May 16, 2018: Debtor is determined "totally incapacitated." Graybill is appointed as the Debtor's Plenary Guardian of Person and Property in state court.67
August 2 and 17, 2018: Trial occurred.68 Debtor was excused from *380participation because of her incapacity. Graybill appeared and actively participated as her guardian.
January 2019: Debtor died.69
February 2019: Graybill opened a probate estate for the Debtor.70 This Court recognizes the exclusive authority of the probate court to administer its case71 and will direct all surplus property transferred to the probate court after the Chapter 7 Trustee completes his administration.

Summary of Legal Disputes

With this chronology of events, I now will give the reader a road map to follow. The legal analysis is divided into three sections-the first section will address Kolb's claim; the second section will address the dischargeability of Kolb's claim and the denial of the Debtor's discharge; the third section will address the reduction of the Debtor's homestead exemption and the Chapter 7 Trustee's entitlement to an equitable lien and constructive trust.

The first issue is whether Kolb, who lent money to the Debtor's son, has a claim against the Debtor. Kolb filed Claim 4-1 for $ 133,141.12, which includes the $ 50,000 principal balance and accrued interest since June 24, 2006.72 Debtor objected to Kolb's Claim.73 I conclude the Debtor has direct liability to Kolb due to her actions in hiding and selling the Cord and then fraudulently transferring the sales proceeds to pay off her home mortgage.

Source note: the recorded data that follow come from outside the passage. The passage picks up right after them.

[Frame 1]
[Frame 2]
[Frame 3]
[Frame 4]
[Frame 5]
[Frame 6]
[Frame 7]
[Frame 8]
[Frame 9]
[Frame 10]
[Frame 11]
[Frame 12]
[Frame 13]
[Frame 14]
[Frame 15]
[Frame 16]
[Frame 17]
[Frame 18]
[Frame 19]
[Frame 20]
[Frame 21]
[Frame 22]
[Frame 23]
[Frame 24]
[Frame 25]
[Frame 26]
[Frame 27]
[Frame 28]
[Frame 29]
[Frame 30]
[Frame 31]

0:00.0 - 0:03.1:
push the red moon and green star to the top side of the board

The second section of this Memorandum Opinion discusses Kolb's adversary proceeding asserting in three counts raised under §§ 523(a)(2)(A), (a)(4), and (a)(6) why her claim is not dischargeable.74 Kolb also asserts that the Debtor is not entitled to a discharge under § 727(a)(2)(A) of the Bankruptcy Code. Debtor vigorously opposed this adversary proceeding and the majority of the trial revolved around whether the Debtor fraudulently sold the Cord to avoid Kolb's collection efforts. I conclude the Debtor acted with actual fraudulent intent in selling the Cord and using the monies to pay off her mortgage. Kolb's claim is not dischargeable.75 I also will deny the Debtor a discharge under § 727(a)(2)(A) of the Bankruptcy Code because she failed to disclose the Wells Fargo account and the approximately $ 12,000 of the Cord sales proceeds not used to pay her home mortgage.

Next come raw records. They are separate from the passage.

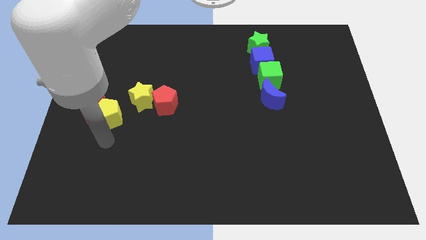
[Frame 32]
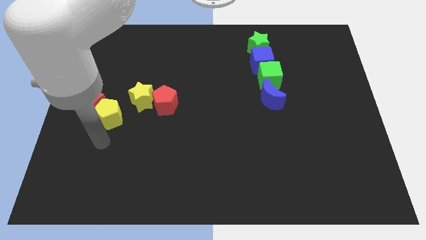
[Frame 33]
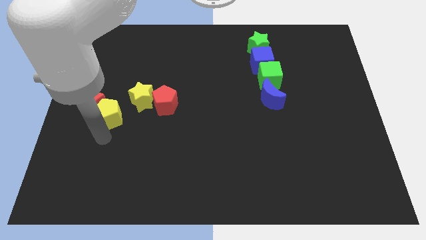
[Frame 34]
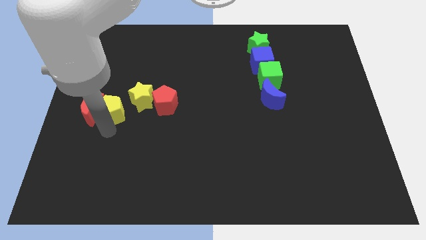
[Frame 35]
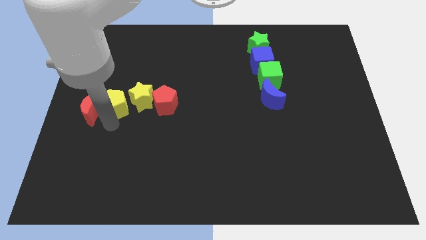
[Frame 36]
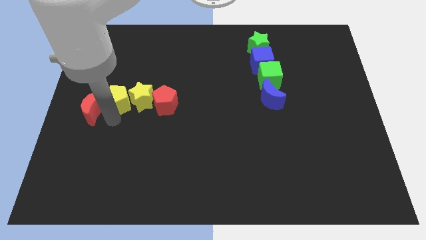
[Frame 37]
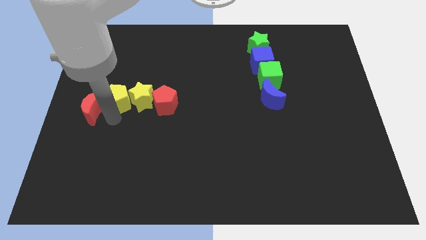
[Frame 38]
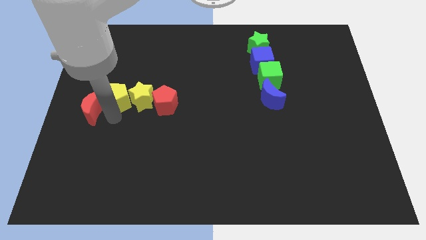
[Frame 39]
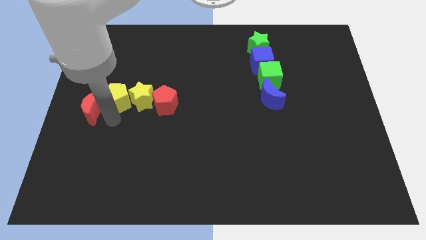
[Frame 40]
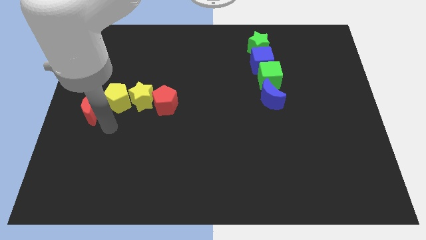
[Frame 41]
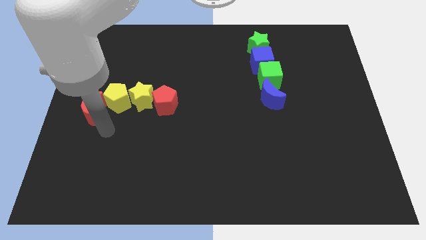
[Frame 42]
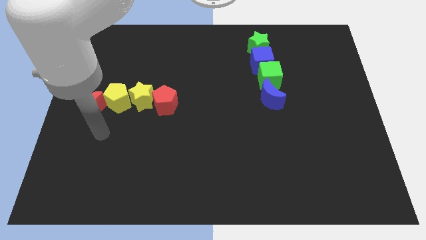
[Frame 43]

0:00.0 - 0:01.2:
move the yellow pentagon to the left of the yellow star

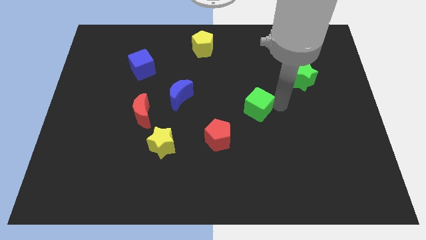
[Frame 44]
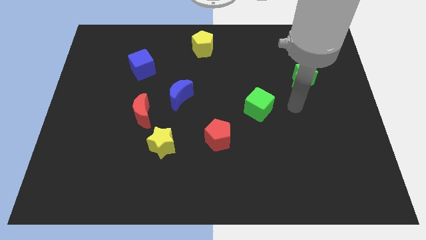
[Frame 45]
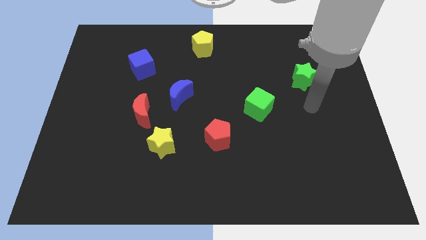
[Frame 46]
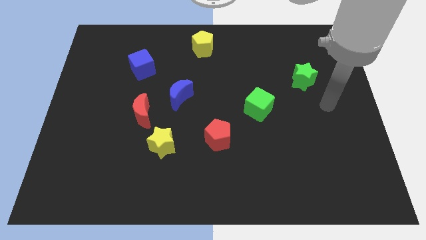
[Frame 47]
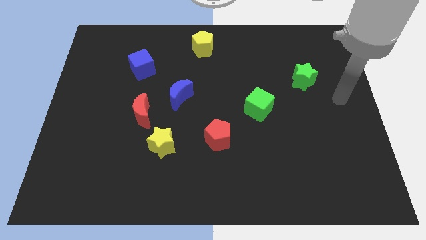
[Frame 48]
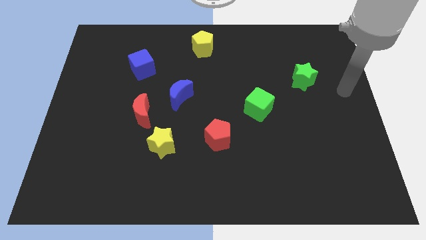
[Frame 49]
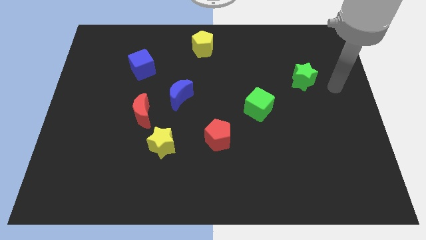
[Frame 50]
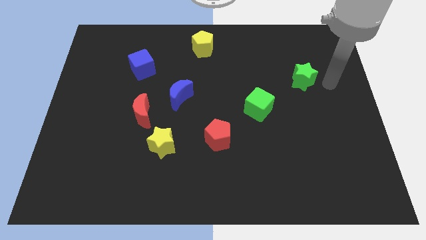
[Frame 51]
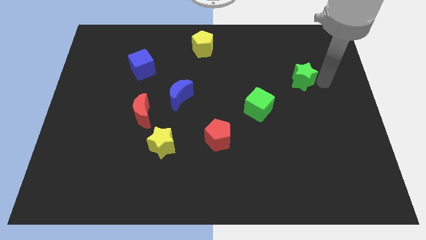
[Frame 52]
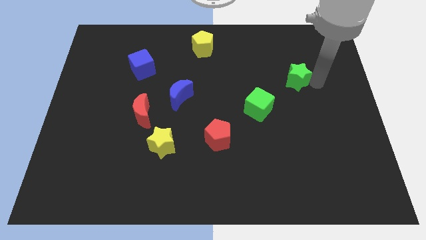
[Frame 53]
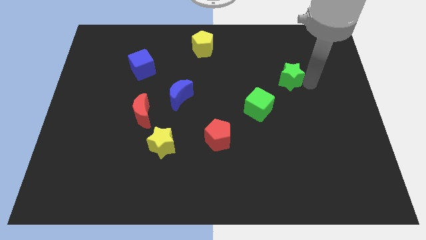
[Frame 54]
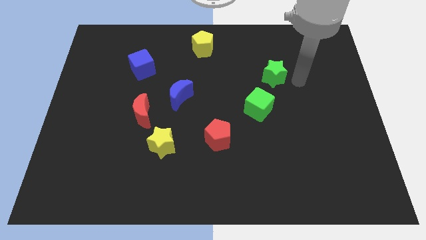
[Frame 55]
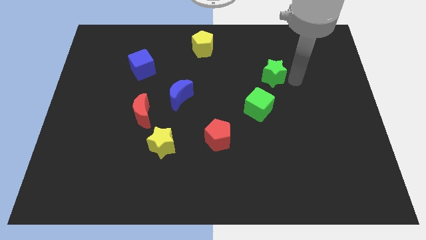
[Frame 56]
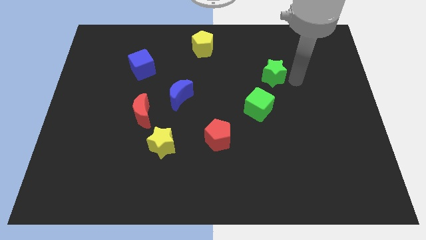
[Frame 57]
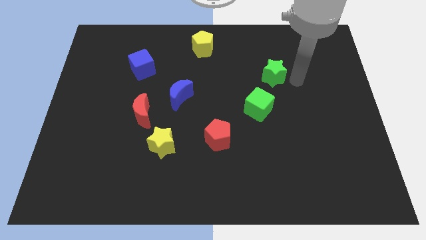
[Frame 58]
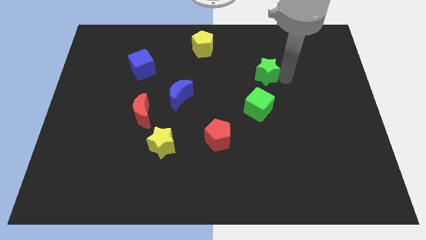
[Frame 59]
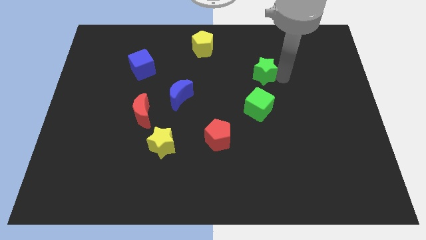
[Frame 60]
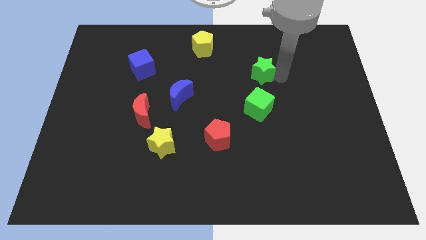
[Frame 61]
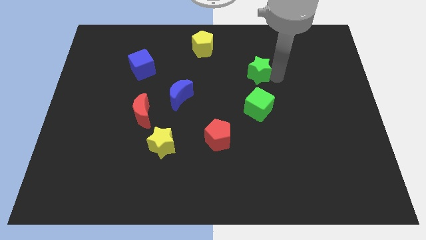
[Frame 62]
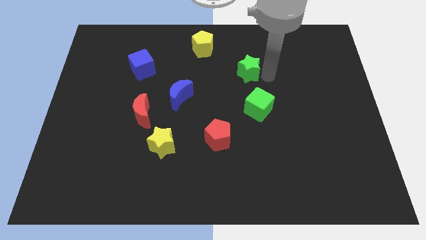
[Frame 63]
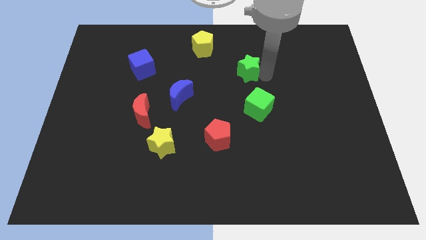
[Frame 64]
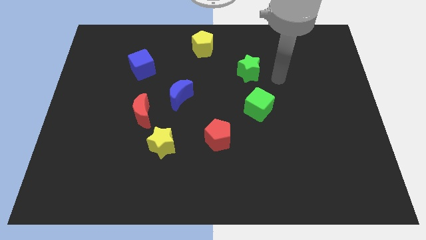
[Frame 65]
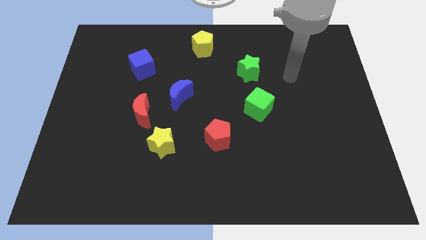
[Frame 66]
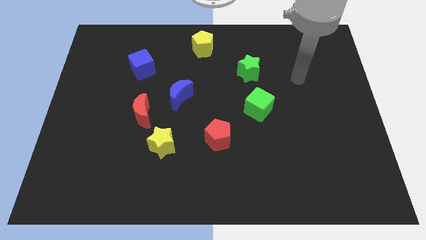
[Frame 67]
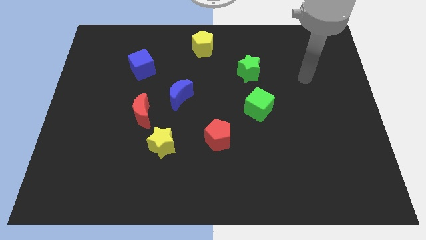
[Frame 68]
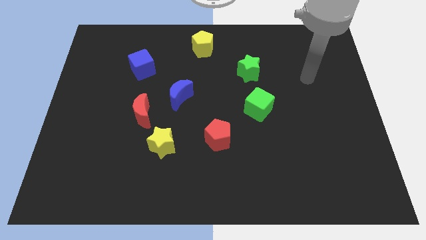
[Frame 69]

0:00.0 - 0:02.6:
push the green star towards left

The last section addresses the Chapter 7 Trustee's challenges to the Debtor's home and her homestead exemption. Mr. Thomas filed an objection to the Debtor's homestead exemption seeking to reduce the Debtor's homestead exemption under § 522(o) of the Bankruptcy Code because she used the fraud tainted monies from the sale of the Cord to pay her mortgage.76 Kolb also filed an adversary proceeding *381seeking to impose an equitable lien or constructive trust on the home for similar reasons.77 Debtor, again, vociferously opposed these efforts. I conclude that the Debtor's homestead exemption is reduced by $ 112,767.04, and the Chapter 7 Trustee may have an equitable lien and constructive trust on her home for the same amount.

Kolb's Claim of $ 133,141.12 is Allowed

Debtor objected to Kolb's Claim 4-1.78 Parties bear shifting burdens of proof in asserting and challenging a bankruptcy claim. Section 502 of the Bankruptcy Code states a proof of claim is presumed valid until an interested party objects. Once an objection is filed, the burden of proof shifts to the objecting party, usually a debtor or a trustee, to rebut the prima facie validity of the claim.79 So what constitutes a prima facie claim?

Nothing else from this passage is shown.